_YOUR TASK:_
Using the listing below, report how many lines hold the word "condensed", and nothing else.

_MATERIAL FOR THE TASK:_
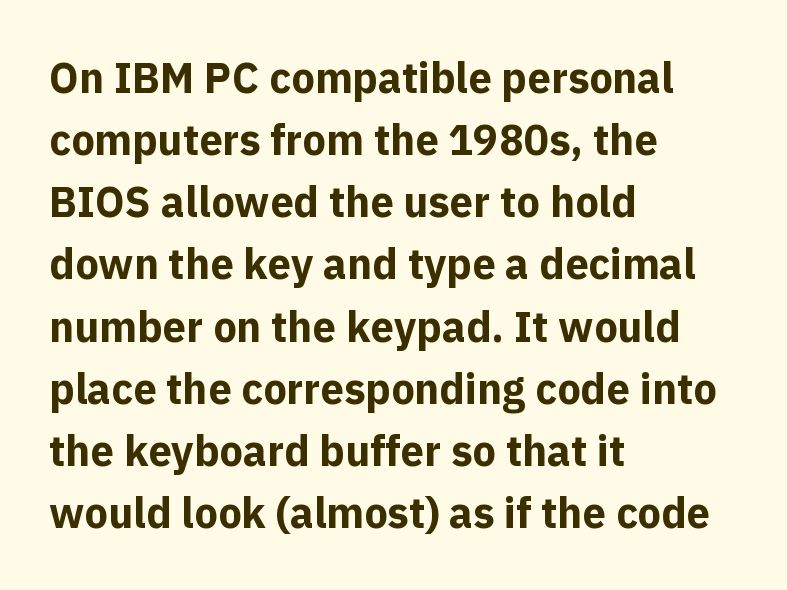
{"serif": "no", "italic": "no", "bold": "yes", "weight": "bold", "width": "normal", "x_height": "medium", "monospaced": "no", "underline": "no", "align": "left", "line_spacing": "normal", "line_spacing_ratio": 1.48, "letter_spacing": "normal", "letter_spacing_em": 0.0, "glyph_px": 42}
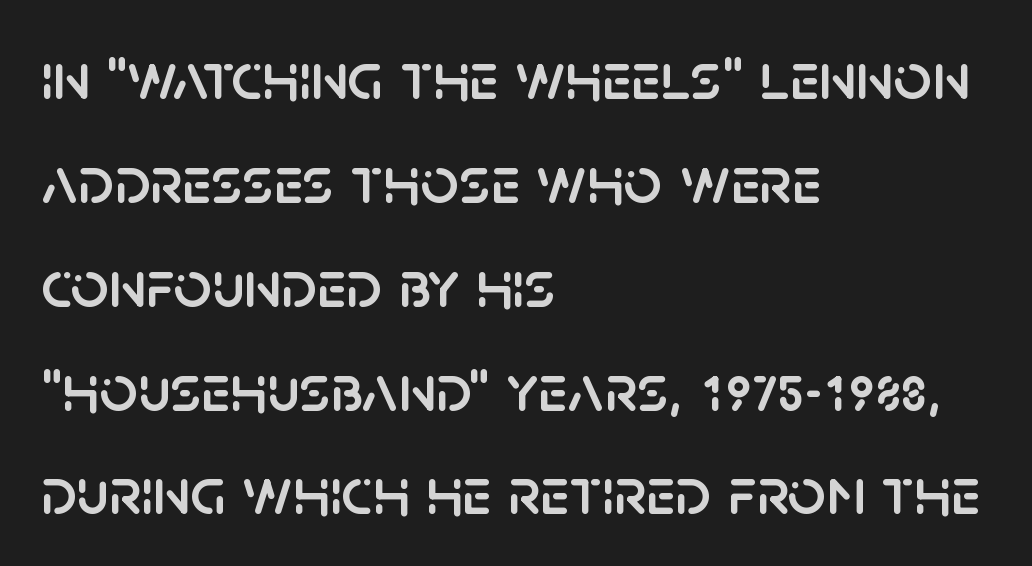
Q: Is the text italic (slanted)? A: No, it is upright.
Q: Is the typeface a serif or a sans-serif typeface? A: Sans-serif.
Q: Is the text underlined? A: No.
Q: How is the paragraph aligned? A: Left-aligned.
Q: Is the spacing between letters normal or unusually wide? A: Normal.
Q: Is the spacing between lines tight, normal or loose? A: Normal.
Q: Width (condensed, normal, or wide)? A: Normal.
Q: Stroke contrast? A: Low.
Q: x-height? A: Large.
Q: Monospaced? A: No.
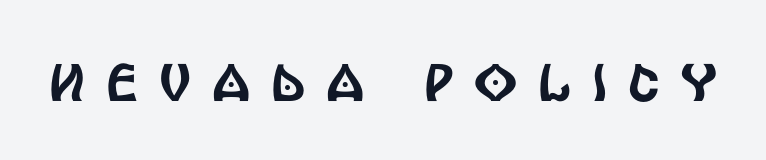
Q: Is the text italic (slanted)? A: No, it is upright.
Q: Is the typeface a serif or a sans-serif typeface? A: Sans-serif.
Q: Is the text underlined? A: No.
Q: Is the spacing between letters normal or unusually wide? A: Unusually wide.
Q: Width (condensed, normal, or wide)? A: Condensed.
Q: x-height? A: Large.
Q: Monospaced? A: No.

_YOUR SOLUTION:_
2